Reference: 217. Contains Duplicate

Problem statement

In this problem we have an input integer array nums and we have to return true if any value appears at least twice in the array and we have to return false if all the values in the array are distinct.

Example from leetcode.

Example 1:
Input: nums = [1,2,3,1]
Output: true

Example 2:
Input: nums = [1,2,3,4]
Output: false

Example 3:
Input: nums = [1,1,1,3,3,4,3,2,4,2]
Output: true

Constraints:

1 <= nums.length <= 10^5
-10^9 <= nums[i] <= 10^9

In example 1, we can see that number 1 appear twice hence we will return true.

In example 2, all the numbers are distinct so we return false.

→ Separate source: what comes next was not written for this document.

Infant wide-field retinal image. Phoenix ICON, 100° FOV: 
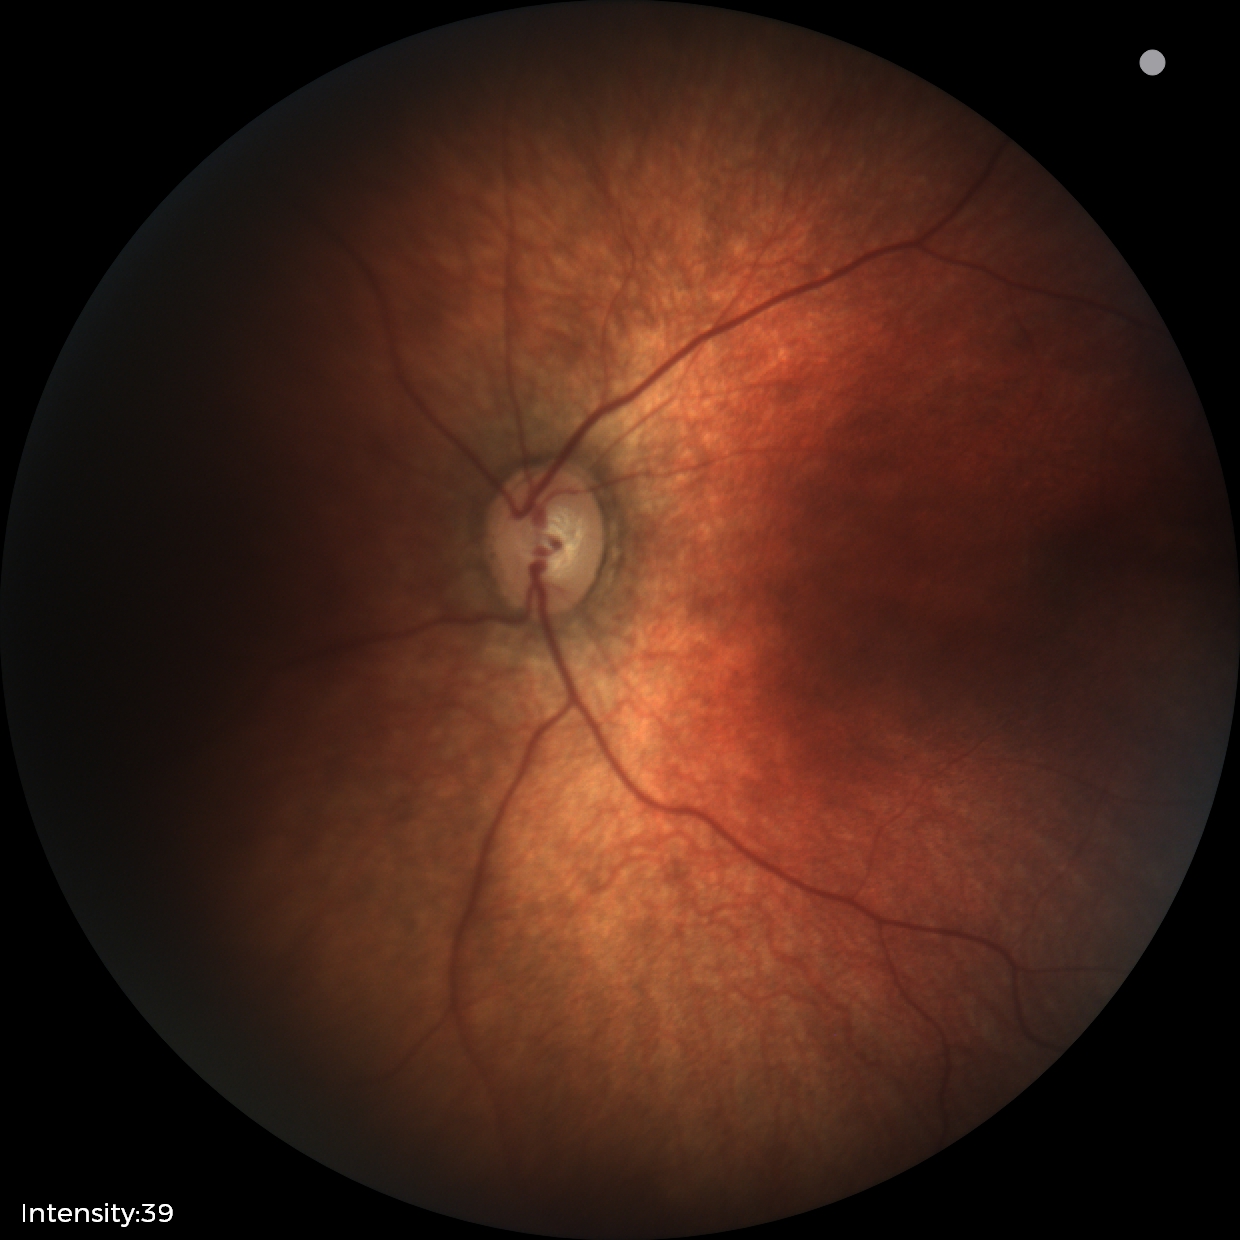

And in example 3, we have multiple numbers that appear more than twice hence we return true.

Approach

To solve this problem we will have to keep track of the number of times we have see a given element in the nums array.

For example, if our input array nums is [1, 2, 3, 1] then we will go through the array and for each new element we will add that element in a hash map and set the value to true. If we again encounter an element that we have already saved in the has map then this will indicate that we have duplicates in the array.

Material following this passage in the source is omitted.